What is the most important thing you have learned in this course? How do you feel about it?
Short answer: I want to continue with OD.
Long answer: I am in the middle of a career change (though not necessarily an employer change.) I’d heard a lot of things about organization development and I wanted to test the waters to see if this is work I would be interested in exploring. Before we hit the half-way point in this course, I knew that I really enjoyed the field of Organization Development.
I’m a fan of Paulo Freire and the discipline of popular education. Popular education raises the consciousness of its learners and allows them to become more aware of how their personal experiences are connected to something bigger. Popular education empowers us to make the changes needed. For me, the parallels with OD are obvious. OD empowers those in the system to make the change they are seeking. More often than not the knowledge we need to make the change already exists in the room, we just need it to come out and be heard.
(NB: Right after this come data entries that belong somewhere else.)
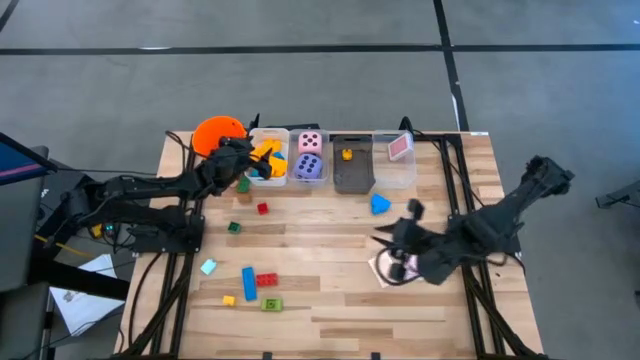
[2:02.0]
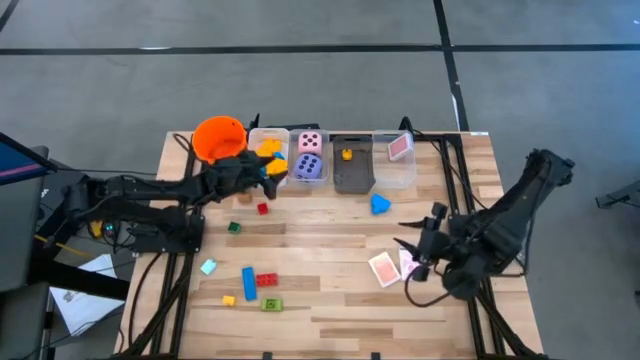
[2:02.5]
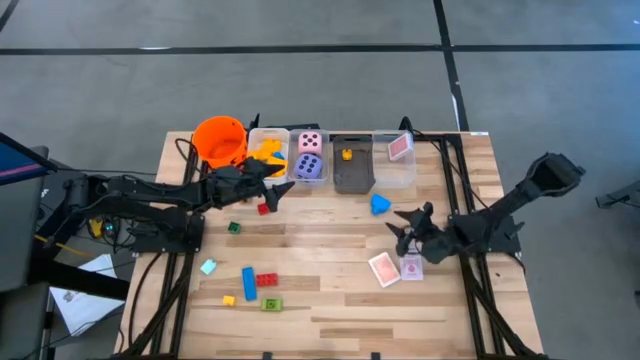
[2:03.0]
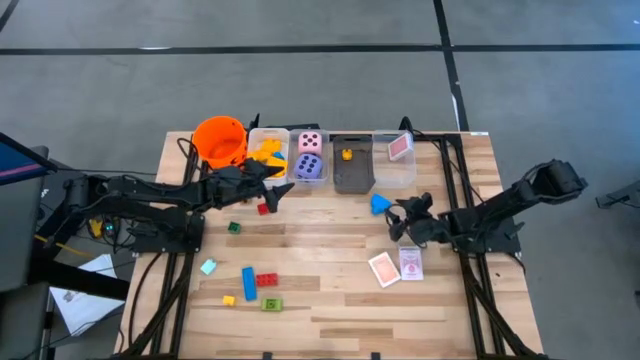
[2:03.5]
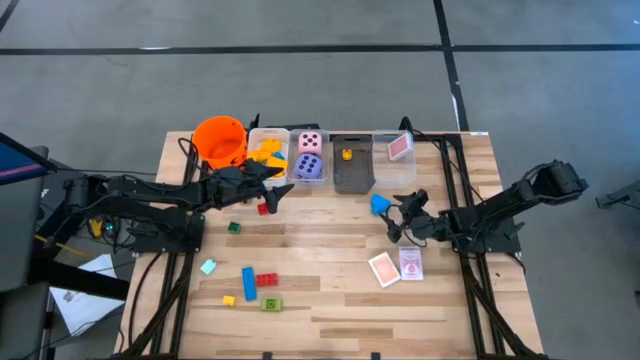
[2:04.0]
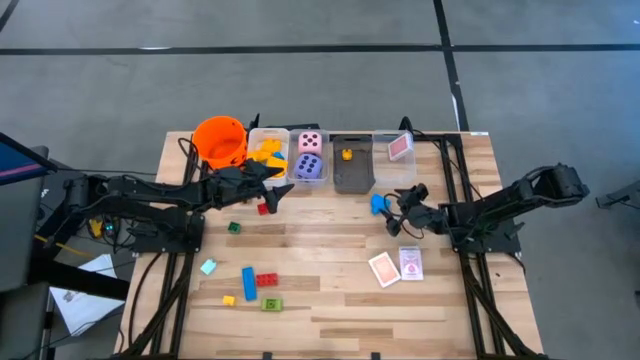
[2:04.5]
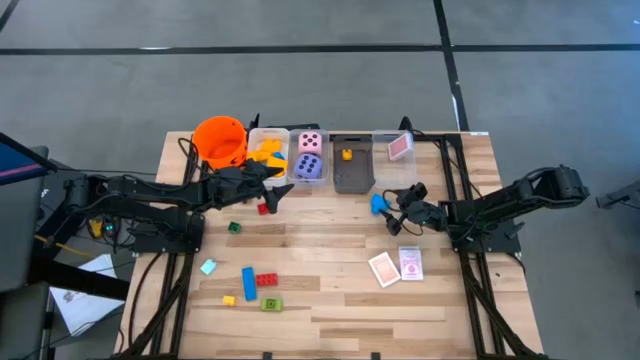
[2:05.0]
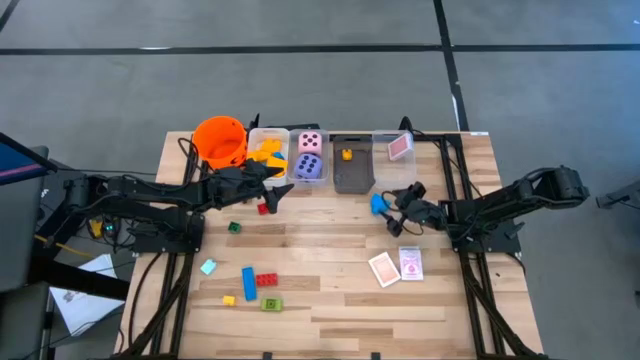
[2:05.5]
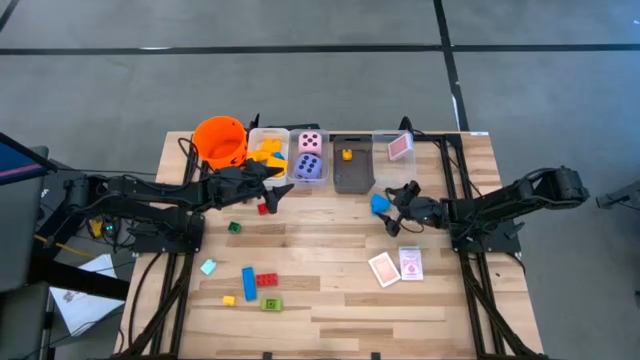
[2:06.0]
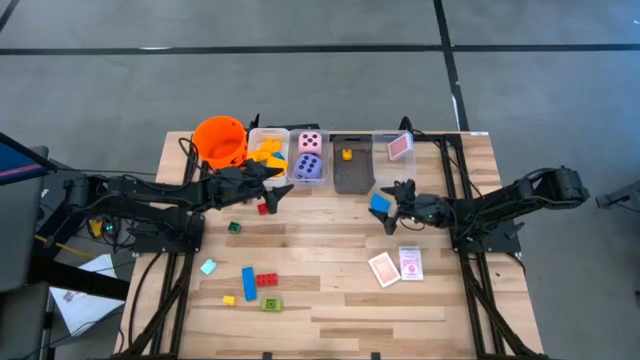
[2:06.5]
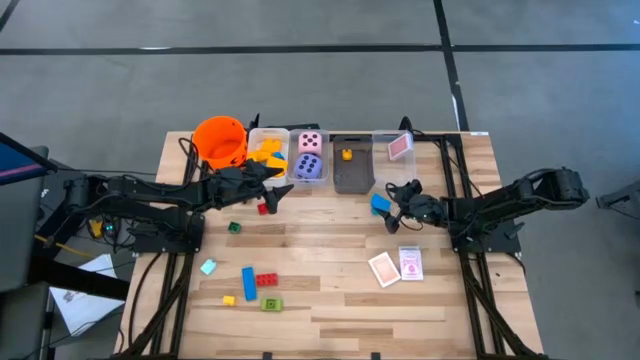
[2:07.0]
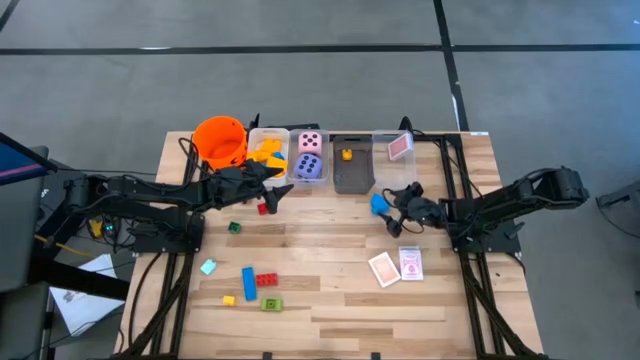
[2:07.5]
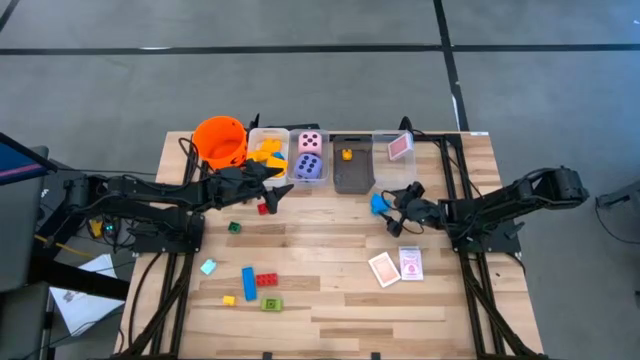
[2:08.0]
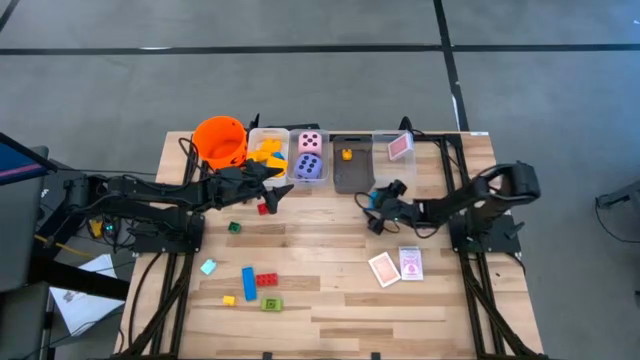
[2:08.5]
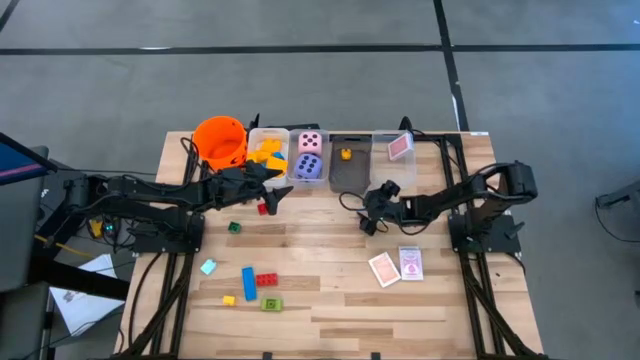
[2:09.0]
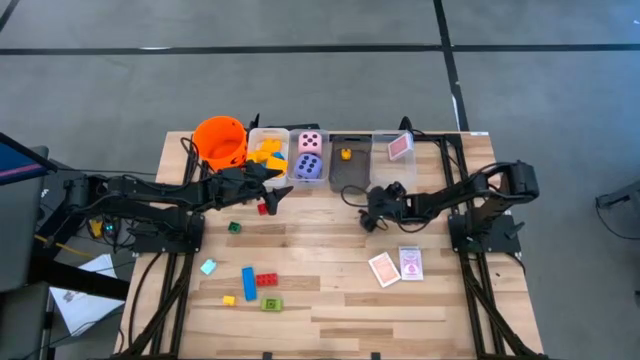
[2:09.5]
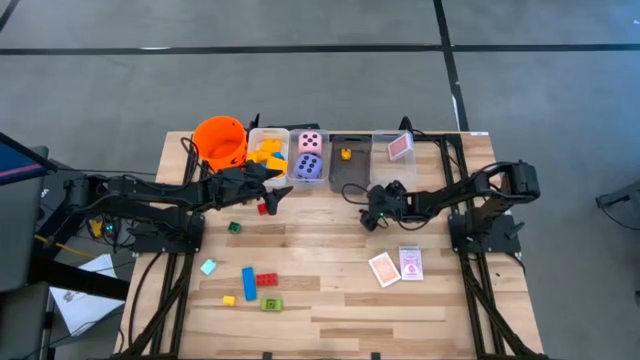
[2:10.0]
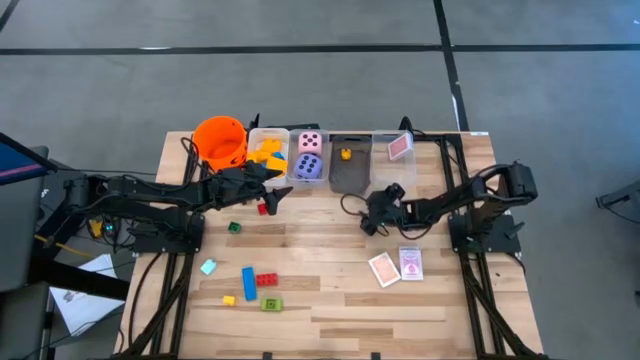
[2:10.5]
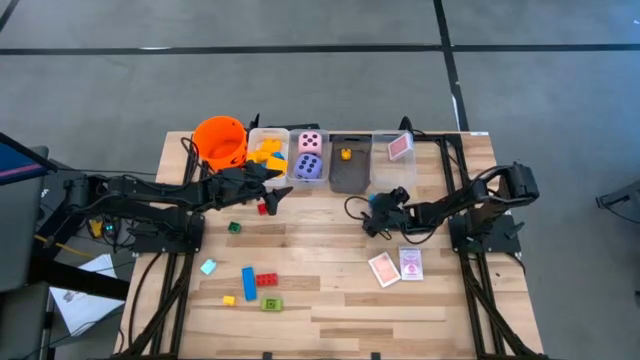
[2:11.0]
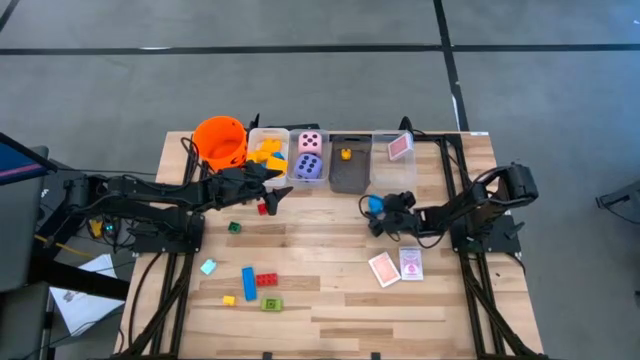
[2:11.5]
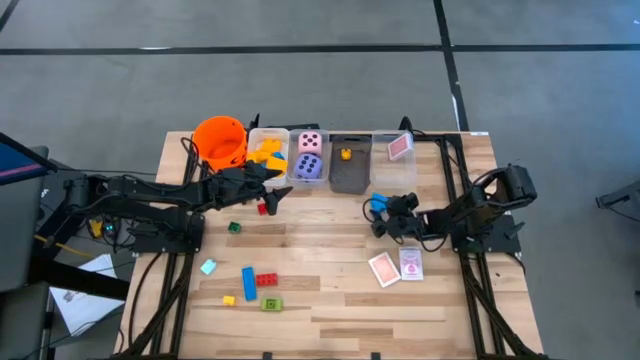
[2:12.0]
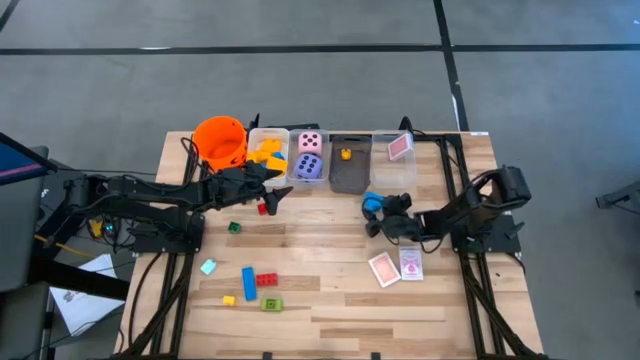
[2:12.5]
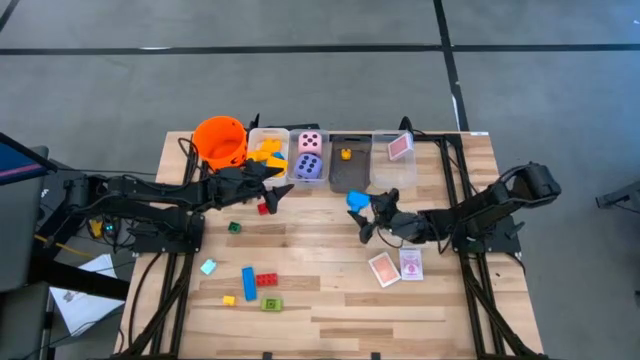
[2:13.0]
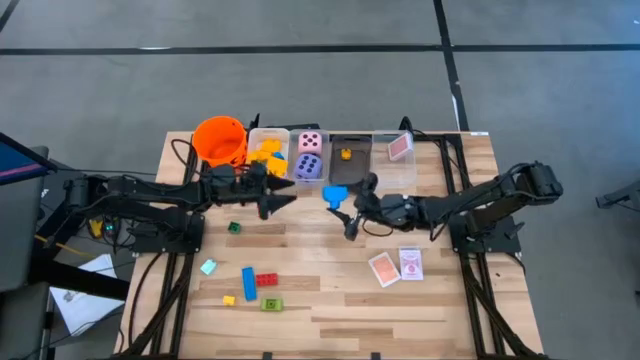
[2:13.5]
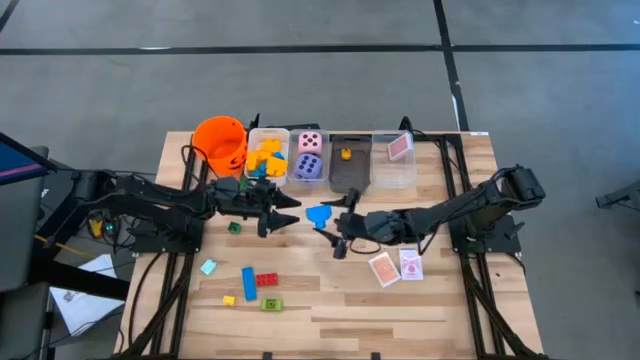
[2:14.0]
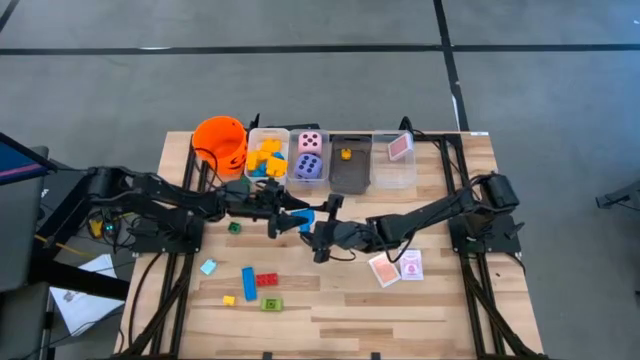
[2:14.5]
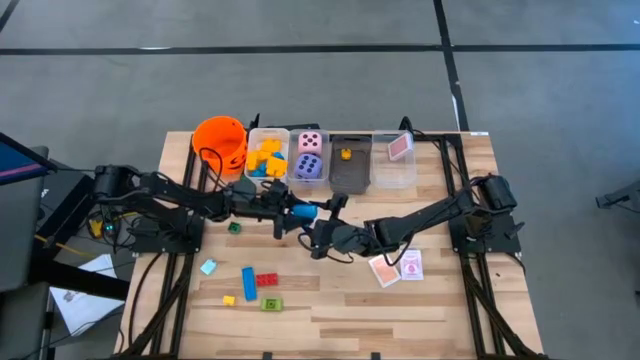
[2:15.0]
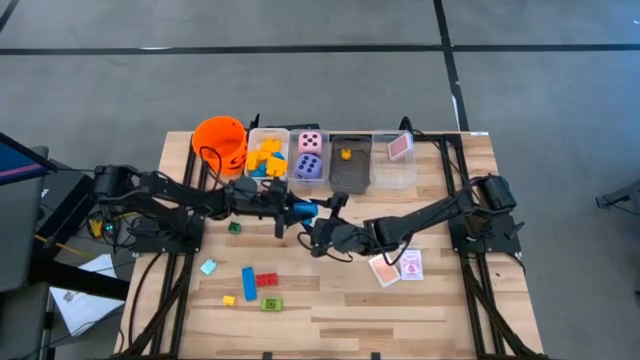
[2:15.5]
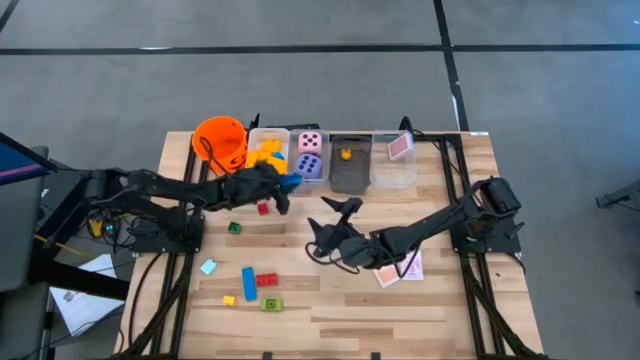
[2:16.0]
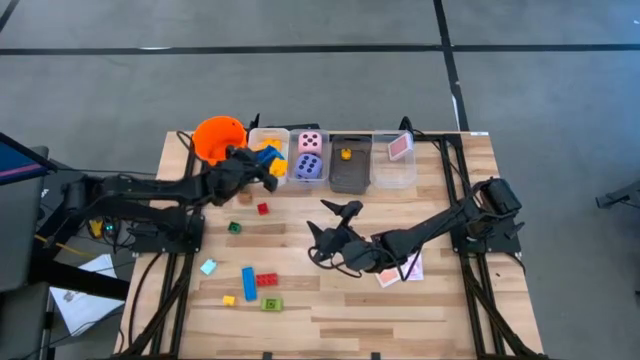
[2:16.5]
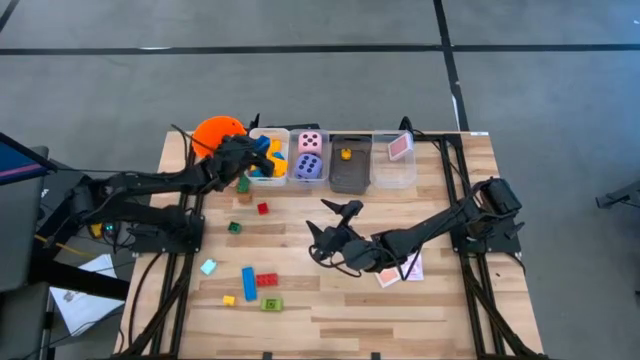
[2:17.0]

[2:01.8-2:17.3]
Task: Pick & Place Toys
Put the blue stud game piece into the white bin

I think the thing that I’ve liked the most is how I think about OD vs. Change Management. OD is my heart and change management is the brain. Often I just want to get things done (fixed.) Frequently that needs to happen, but it infrequently leads to long term culture change. That is why I know that OD is a better and harder path to follow.
As Paulo Freire said, “Knowledge emerges only through invention and re-invention, through the restless, impatient, continuing, hopeful inquiry human beings pursue in the world, with the world, and with each other.” It’s up to OD practitioners to actually facilitate the curiosity needed to uncover the knowledge to make organizations better.